Clin Lab. 2020 Apr 1;66(4). doi: 10.7754/Clin.Lab.2019.190649.
Polyploidy is a rare lethal cytogenetic anomaly in pregnancies, generally leading to pregnancy termination. This study aims to compare first and second trimester polyploidy in pregnancies and describe the underlying mechanisms.

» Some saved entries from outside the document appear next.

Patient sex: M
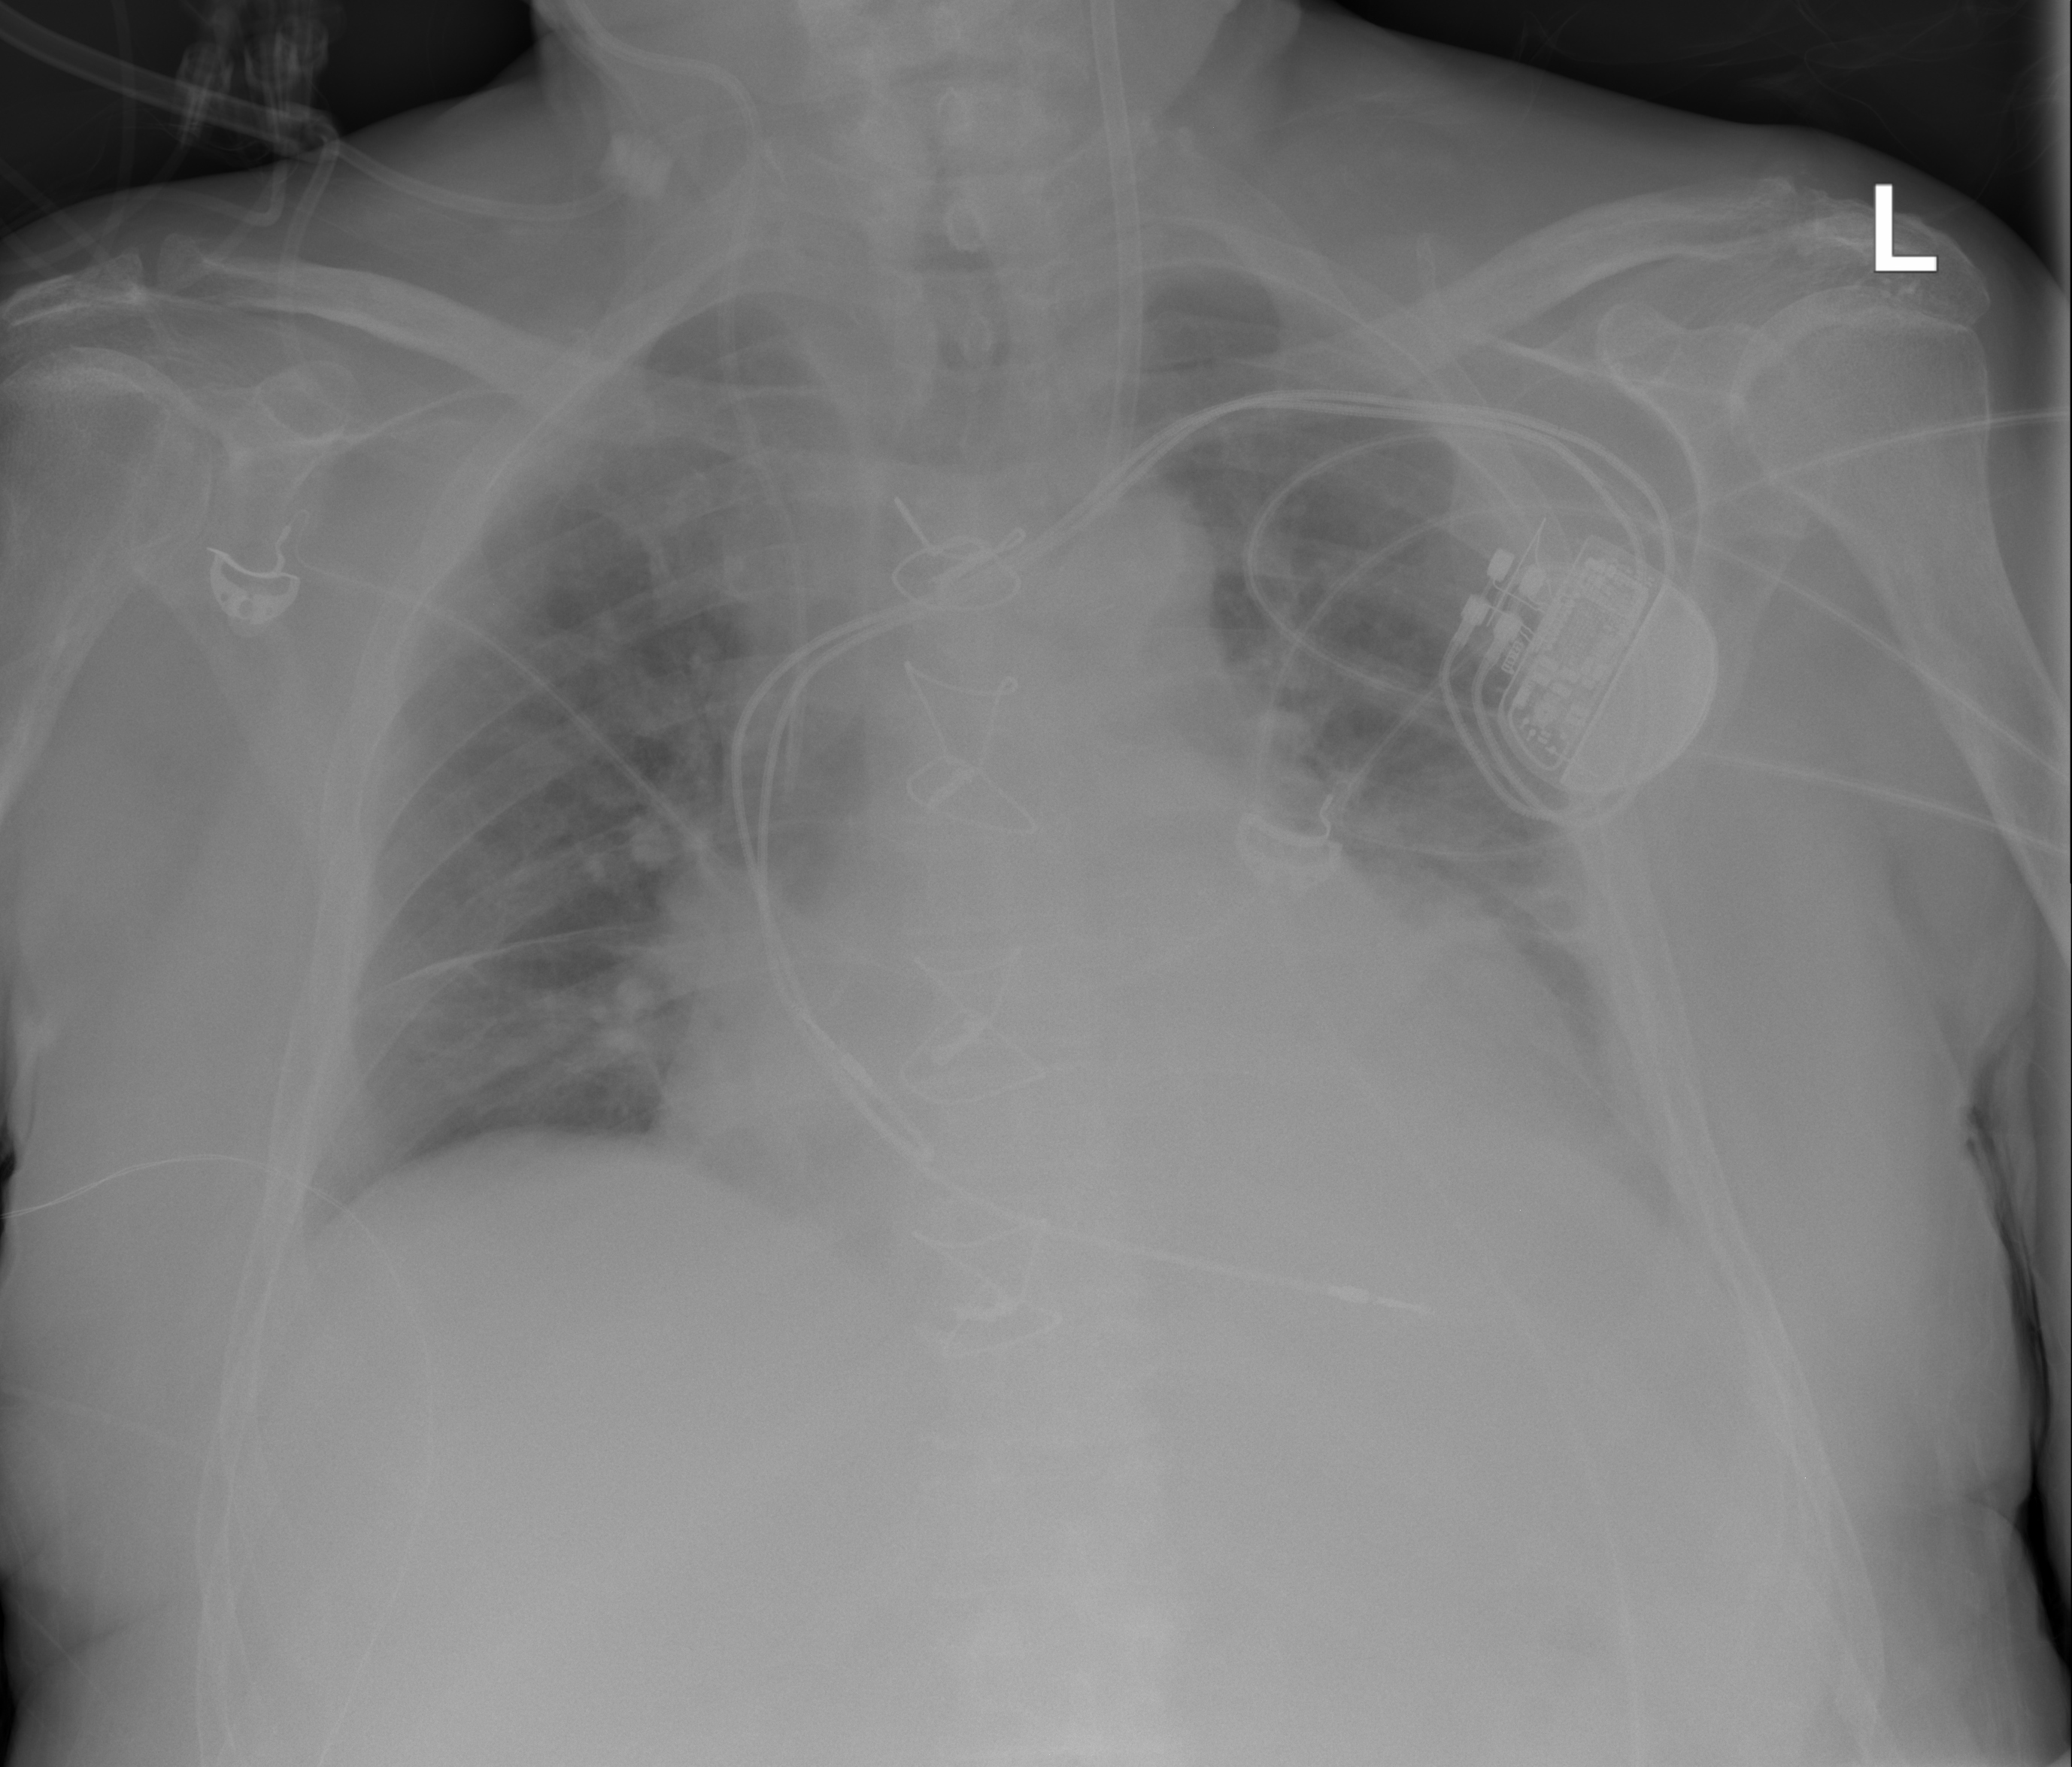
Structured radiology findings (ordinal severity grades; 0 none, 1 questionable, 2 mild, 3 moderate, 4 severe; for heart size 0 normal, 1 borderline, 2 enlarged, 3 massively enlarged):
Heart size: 2
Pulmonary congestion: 2
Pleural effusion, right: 0
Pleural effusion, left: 1
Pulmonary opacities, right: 2
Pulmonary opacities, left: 1
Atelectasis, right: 2
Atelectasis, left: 2
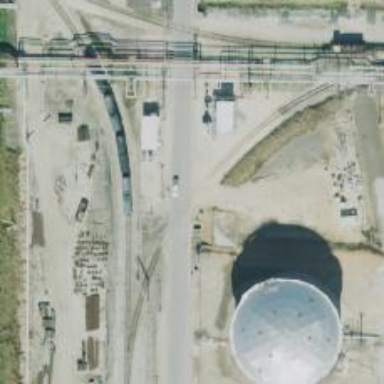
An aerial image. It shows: Rail spur service.
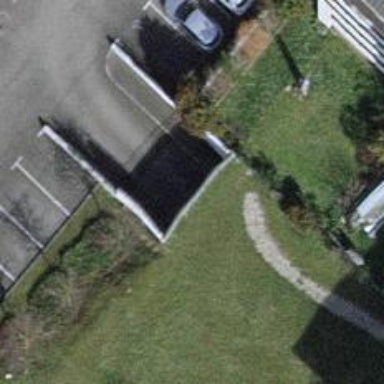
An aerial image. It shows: Paved parking entrance.
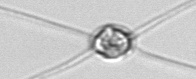
Label: Chaetoceros_danicus

A retrospective study was conducted in three medical genetics laboratories, collecting cases from Eastern, Southern, and Western Romania. The period of interest was January 2008 to December 2018. Prenatal samples (chorionic villi and amniotic fluid) and miscarriage samples were tested by standard karyotyping, as well as QF-PCR or FISH as complementary or alternative techniques.
In first trimester pregnancies, we report cytogenetic results of chorionic villi samples from miscarriages: 25 triploid cases and 13 tetraploid cases. In second trimester samples obtained by amniocentesis, cytogenetic findings were positive for 17 triploid cases. Maternal age, age of the pregnancy, and fetal gender identified by ultrasound were recorded in all cases and, additionally, data on biochemical risk and ultrasonographic findings for second trimester pregnancies.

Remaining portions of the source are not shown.